*Try it*:
Only the closing part of the listing is wanted: reproduce exactly the line containing "Image from 2.2 s after image 1." and all lines below it.

*Source information*:
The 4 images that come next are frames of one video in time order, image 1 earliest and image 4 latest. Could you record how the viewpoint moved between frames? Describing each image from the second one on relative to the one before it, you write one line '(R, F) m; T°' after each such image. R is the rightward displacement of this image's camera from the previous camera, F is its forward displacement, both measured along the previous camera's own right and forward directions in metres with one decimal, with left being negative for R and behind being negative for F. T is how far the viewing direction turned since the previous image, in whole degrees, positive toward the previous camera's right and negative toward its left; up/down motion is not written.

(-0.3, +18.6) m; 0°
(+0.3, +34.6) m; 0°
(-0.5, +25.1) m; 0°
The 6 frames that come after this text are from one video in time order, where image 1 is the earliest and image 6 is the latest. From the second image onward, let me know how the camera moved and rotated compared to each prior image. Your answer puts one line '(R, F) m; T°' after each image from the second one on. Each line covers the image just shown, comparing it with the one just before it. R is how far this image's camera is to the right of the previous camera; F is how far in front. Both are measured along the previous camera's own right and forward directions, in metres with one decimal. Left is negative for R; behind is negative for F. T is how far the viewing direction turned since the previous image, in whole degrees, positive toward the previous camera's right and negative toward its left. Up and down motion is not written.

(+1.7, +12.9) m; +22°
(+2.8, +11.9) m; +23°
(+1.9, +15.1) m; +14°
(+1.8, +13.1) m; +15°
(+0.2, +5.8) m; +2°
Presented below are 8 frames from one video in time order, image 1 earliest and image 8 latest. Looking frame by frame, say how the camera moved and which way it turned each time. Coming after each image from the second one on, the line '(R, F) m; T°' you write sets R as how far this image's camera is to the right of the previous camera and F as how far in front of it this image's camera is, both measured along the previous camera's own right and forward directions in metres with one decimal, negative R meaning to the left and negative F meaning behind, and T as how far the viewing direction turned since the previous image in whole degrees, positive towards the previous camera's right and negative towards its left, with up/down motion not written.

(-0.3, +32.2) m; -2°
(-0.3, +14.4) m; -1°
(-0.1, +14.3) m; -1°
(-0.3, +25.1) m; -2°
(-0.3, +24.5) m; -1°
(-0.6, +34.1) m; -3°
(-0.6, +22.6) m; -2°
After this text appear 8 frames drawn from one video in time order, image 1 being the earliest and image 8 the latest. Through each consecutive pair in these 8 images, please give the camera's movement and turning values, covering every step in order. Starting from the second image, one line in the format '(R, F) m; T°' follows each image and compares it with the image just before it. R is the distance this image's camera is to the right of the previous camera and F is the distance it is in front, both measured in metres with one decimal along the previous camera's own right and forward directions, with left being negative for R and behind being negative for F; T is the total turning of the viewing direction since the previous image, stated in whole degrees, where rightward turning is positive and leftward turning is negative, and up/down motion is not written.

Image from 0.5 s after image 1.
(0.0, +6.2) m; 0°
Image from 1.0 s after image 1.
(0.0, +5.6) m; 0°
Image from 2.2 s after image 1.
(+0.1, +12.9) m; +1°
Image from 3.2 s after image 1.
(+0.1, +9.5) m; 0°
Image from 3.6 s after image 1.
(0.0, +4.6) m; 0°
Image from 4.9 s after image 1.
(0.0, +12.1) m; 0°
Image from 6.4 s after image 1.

*Exercise result*:
Image from 2.2 s after image 1.
(+0.1, +12.9) m; +1°
Image from 3.2 s after image 1.
(+0.1, +9.5) m; 0°
Image from 3.6 s after image 1.
(0.0, +4.6) m; 0°
Image from 4.9 s after image 1.
(0.0, +12.1) m; 0°
Image from 6.4 s after image 1.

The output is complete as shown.